This is from my Anxious Bench archives. I currently am teaching in London and gathering more material for future posts! You can look forward to a guest blogger (I think you will love his forthcoming book) on July 26, and I will return to my posts about medieval Christianity vs. modern Christianity in August. In the meantime, this post resonated with many last summer, so I thought it could help some more graduate students this summer.
My husband suggested once that I have lunch with a friend. She was a graduate student, and struggling in the program. “Did you tell her I almost quit?” I asked. “Oh, yeah,” my husband said. “That is why I thought you should talk with her.”
Graduate school is one of the hardest things I have ever done. Although I am grateful for the excellent program I attended and my superb adviser (who is still my friend and advocate), I have no desire to return to my graduate years.
I expected the painful work load, the never ending research projects and papers, the complete lack of sleep for days on end, and even the political drama among both faculty and students.
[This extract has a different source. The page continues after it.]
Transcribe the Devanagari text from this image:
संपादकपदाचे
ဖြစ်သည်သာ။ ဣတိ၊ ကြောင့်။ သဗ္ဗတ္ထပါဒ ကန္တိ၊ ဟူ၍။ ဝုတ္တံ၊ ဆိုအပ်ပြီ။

What I didn’t expect was how much I would fail.
Just to name a few of my early failures: I failed a language exam (quite spectacularly, actually). I received what-I-hoped-would-become-the-beginning-of-my-thesis back with the words, “This wasn’t worth my time,” scrawled across the front. I taught the 1381 English peasant revolt completely wrong during a teaching observation. I never managed to understand the questions in Latin one professor insisted on asking me every time we crossed paths (which was way too often for my stress level!). And, although I know my current students may not believe this, I almost never spoke up in seminar my first year. I was terrified of how much I didn’t know. It really seemed that everyone else had not only read Foucault and memorized all of his writings, but even understood Foucault so well that they could integrate him into every conversation we had. Everyone, except for me.
I could go on, but I think you get the point. I failed a lot.
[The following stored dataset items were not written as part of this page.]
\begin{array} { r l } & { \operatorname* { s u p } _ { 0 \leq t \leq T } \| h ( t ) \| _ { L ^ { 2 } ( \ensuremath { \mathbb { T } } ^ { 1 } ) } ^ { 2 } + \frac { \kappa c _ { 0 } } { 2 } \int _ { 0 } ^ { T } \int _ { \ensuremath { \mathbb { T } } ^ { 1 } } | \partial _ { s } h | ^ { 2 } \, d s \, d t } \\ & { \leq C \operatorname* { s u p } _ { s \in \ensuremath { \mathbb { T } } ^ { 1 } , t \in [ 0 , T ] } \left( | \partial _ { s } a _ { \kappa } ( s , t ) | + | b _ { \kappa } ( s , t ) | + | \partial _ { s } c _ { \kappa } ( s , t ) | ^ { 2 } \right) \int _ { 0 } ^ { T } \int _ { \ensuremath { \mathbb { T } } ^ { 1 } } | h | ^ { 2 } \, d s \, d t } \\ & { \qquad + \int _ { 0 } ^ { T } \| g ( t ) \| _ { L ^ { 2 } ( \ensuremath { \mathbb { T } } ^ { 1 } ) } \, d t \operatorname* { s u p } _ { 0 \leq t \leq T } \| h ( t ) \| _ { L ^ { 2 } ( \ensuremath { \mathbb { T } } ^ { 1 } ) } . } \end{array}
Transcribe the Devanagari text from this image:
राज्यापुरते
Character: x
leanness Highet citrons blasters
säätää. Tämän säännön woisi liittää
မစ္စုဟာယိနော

In fact, I became convinced my first year that I couldn’t do it. When I admitted to my husband that I couldn’t finish the PhD, I really felt like a failure. But, during our conversation, another option began to emerge. I should finish my MA (the first two years). If I still felt strongly about quitting, then I could exit the program. This cheered me up. I could do it for one more year. There was an end in sight which included an advanced degree. And so that became my plan. I realized that failing wasn’t the end of the world–life would go one, and I would be okay.
It was at this point that everything changed. By giving myself permission to fail, I learned how to succeed.
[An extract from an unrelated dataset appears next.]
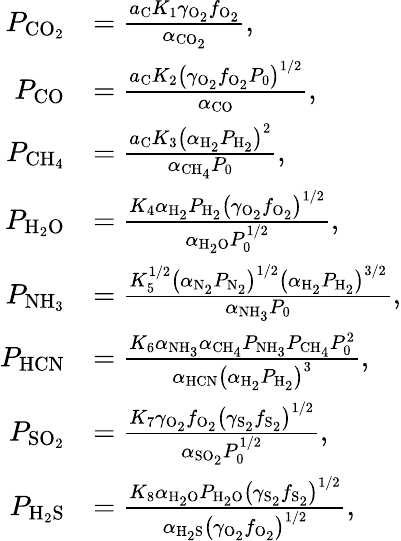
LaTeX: \begin{array}{rl}{P_{\mathrm{CO_{2}}}}&{=\frac{a_{\mathrm{C}}K_{1}\gamma_{\mathrm{O_{2}}}f_{\mathrm{O_{2}}}}{\alpha_{\mathrm{CO_{2}}}},}\\ {P_{\mathrm{CO}}}&{=\frac{a_{\mathrm{C}}K_{2}\left(\gamma_{\mathrm{O_{2}}}f_{\mathrm{O_{2}}}P_{0}\right)^{1/2}}{\alpha_{\mathrm{CO}}},}\\ {P_{\mathrm{CH_{4}}}}&{=\frac{a_{\mathrm{C}}K_{3}\left(\alpha_{\mathrm{H_{2}}}P_{\mathrm{H_{2}}}\right)^{2}}{\alpha_{\mathrm{CH_{4}}}P_{0}},}\\ {P_{\mathrm{H_{2}O}}}&{=\frac{K_{4}\alpha_{\mathrm{H_{2}}}P_{\mathrm{H_{2}}}\left(\gamma_{\mathrm{O_{2}}}f_{\mathrm{O_{2}}}\right)^{1/2}}{\alpha_{\mathrm{H_{2}O}}P_{0}^{1/2}},}\\ {P_{\mathrm{NH_{3}}}}&{=\frac{K_{5}^{1/2}\left(\alpha_{\mathrm{N_{2}}}P_{\mathrm{N_{2}}}\right)^{1/2}\left(\alpha_{\mathrm{H_{2}}}P_{\mathrm{H_{2}}}\right)^{3/2}}{\alpha_{\mathrm{NH_{3}}}P_{0}},}\\ {P_{\mathrm{HCN}}}&{=\frac{K_{6}\alpha_{\mathrm{NH_{3}}}\alpha_{\mathrm{CH_{4}}}P_{\mathrm{NH_{3}}}P_{\mathrm{CH_{4}}}P_{0}^{2}}{\alpha_{\mathrm{HCN}}\left(\alpha_{\mathrm{H_{2}}}P_{\mathrm{H_{2}}}\right)^{3}},}\\ {P_{\mathrm{SO_{2}}}}&{=\frac{K_{7}\gamma_{\mathrm{O_{2}}}f_{\mathrm{O_{2}}}\left(\gamma_{\mathrm{S_{2}}}f_{\mathrm{S_{2}}}\right)^{1/2}}{\alpha_{\mathrm{SO_{2}}}P_{0}^{1/2}},}\\ {P_{\mathrm{H_{2}S}}}&{=\frac{K_{8}\alpha_{\mathrm{H_{2}O}}P_{\mathrm{H_{2}O}}\left(\gamma_{\mathrm{S_{2}}}f_{\mathrm{S_{2}}}\right)^{1/2}}{\alpha_{\mathrm{H_{2}S}}\left(\gamma_{\mathrm{O_{2}}}f_{\mathrm{O_{2}}}\right)^{1/2}},}\end{array}

I no longer worried about Foucault in seminar. I knew other things, and really enjoyed most of the other readings, so I talked about those. I didn’t talk as much as my cohorts, but I began to talk more and with greater comfort. No longer paralyzed by the fear of failure, I engaged with my peers both inside and outside of seminar. Soon I began to talk about Foucault myself (especially after I actually read him!).
I also became more adventurous in my writing. By trying to write the way I thought an academic text should be, I had become a truly awful writer (which maybe says something about the academic texts I was reading…). But when I returned to the way I liked to write and to the topics I enjoyed (women and religion), I got better.
Indeed, my entire performance improved dramatically. I remember so clearly reading my end-of-year evaluation. It stated, “Beth blossomed this year.”
For the first time I knew I could complete the PhD.
So for those of you in graduate school struggling with the stress of the program, with the fear of failure, and with uncertainty about the future, I have some advice.
It really is okay to fail. Failure shows us what we need to change. It showed me that I needed to take my Latin exam in medieval Latin, not classical (and the second time around I scored a 98). It showed me that I needed to write about what I found interesting–not what I thought would interest my cohorts and program faculty. It also showed me that failure wasn’t the end of the world. I survived all my failures, and even if I had chosen to drop out of the program, I know I still would have been okay. Failure no longer meant the end; rather it served as a signpost that I needed to do something different.
It really is okay not to know everything. Talk about the things you do know; the things that interest you (not the things that you think will make you look smart). Instead of worrying about what others would say, I started thinking about what was most useful from the seminar readings for my own research. And then I talked about those points in class. Wow! This dramatically changed my seminar performance.
It really is okay for people to disagree with you. It really is. This doesn’t mean you are wrong; it doesn’t mean you have to capitulate to their point. It just means that you need to rethink or perhaps rephrase your argument. Now I find it quite helpful when people disagree with me, as it often suggests a new perspective I hadn’t considered.
It really is okay to feel like a failure. Everyone feels like a failure at some point in graduate school. Female academics often talk about “imposture syndrome,” where, even after achieving a PhD, women in academia continue to feel inadequate and even fraudulent. But instead of letting fear paralyze you, talk to your fellow graduate students about how you can help each other (I guarantee they are struggling with you). If you are struggling with seminar readings, form a study group. If you are struggling with writing, form a writing group (see my post about how to do this). If you are struggling to keep up with current research, then form an article group.
Finally, do something other than graduate school with your time. I recommend church involvement–and I don’t just mean going to church. I mean volunteering your time in church, like serving on worship team, hosting a small group, holding babies in church nursery, or (my favorite!) mentoring teenagers and serving in youth group. By getting out of the graduate school bubble, you will widen your perspective and realize life is much more than about you. This helps so much. It helps put your graduate school failures into proper perspective. Serving others is also fundamental to the Christian life……as Jesus himself said, “For even the Son of Man did not come to be served, but to serve others, and to give his life as a ransom for many.” Mark 10:45
You will fail in graduate school. I guarantee it. But this doesn’t have to be a bad thing.
Failure teaches us that we have to change. It helps us develop problem-solving skills and familiarizes us with confrontation. It also helps us admit that we need help.
I don’t know about you, but these seem like pretty valuable life lessons to me.